▸ **Directions**
An exact copy of the listing is what is needed here; write it out in full.

▸ **Information provided**
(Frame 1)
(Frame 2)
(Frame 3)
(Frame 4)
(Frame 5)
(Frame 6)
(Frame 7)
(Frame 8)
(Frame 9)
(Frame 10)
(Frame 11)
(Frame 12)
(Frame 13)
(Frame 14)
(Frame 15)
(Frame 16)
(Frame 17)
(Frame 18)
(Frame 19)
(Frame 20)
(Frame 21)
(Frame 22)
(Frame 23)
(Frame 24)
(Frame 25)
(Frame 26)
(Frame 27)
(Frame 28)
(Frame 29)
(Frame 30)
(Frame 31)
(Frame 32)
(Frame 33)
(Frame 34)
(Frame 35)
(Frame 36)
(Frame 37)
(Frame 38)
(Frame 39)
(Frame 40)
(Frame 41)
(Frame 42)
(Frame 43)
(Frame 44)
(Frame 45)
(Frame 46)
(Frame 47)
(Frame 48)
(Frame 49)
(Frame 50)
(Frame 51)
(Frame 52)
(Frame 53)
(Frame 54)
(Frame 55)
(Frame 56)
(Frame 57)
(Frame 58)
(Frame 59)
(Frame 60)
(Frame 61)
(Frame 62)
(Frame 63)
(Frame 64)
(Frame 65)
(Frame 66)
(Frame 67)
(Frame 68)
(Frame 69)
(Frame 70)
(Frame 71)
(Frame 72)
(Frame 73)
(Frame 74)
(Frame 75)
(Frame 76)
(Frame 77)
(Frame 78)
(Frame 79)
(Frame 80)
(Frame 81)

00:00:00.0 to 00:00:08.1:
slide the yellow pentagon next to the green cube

▸ **Response**
(Frame 1)
(Frame 2)
(Frame 3)
(Frame 4)
(Frame 5)
(Frame 6)
(Frame 7)
(Frame 8)
(Frame 9)
(Frame 10)
(Frame 11)
(Frame 12)
(Frame 13)
(Frame 14)
(Frame 15)
(Frame 16)
(Frame 17)
(Frame 18)
(Frame 19)
(Frame 20)
(Frame 21)
(Frame 22)
(Frame 23)
(Frame 24)
(Frame 25)
(Frame 26)
(Frame 27)
(Frame 28)
(Frame 29)
(Frame 30)
(Frame 31)
(Frame 32)
(Frame 33)
(Frame 34)
(Frame 35)
(Frame 36)
(Frame 37)
(Frame 38)
(Frame 39)
(Frame 40)
(Frame 41)
(Frame 42)
(Frame 43)
(Frame 44)
(Frame 45)
(Frame 46)
(Frame 47)
(Frame 48)
(Frame 49)
(Frame 50)
(Frame 51)
(Frame 52)
(Frame 53)
(Frame 54)
(Frame 55)
(Frame 56)
(Frame 57)
(Frame 58)
(Frame 59)
(Frame 60)
(Frame 61)
(Frame 62)
(Frame 63)
(Frame 64)
(Frame 65)
(Frame 66)
(Frame 67)
(Frame 68)
(Frame 69)
(Frame 70)
(Frame 71)
(Frame 72)
(Frame 73)
(Frame 74)
(Frame 75)
(Frame 76)
(Frame 77)
(Frame 78)
(Frame 79)
(Frame 80)
(Frame 81)

00:00:00.0 to 00:00:08.1:
slide the yellow pentagon next to the green cube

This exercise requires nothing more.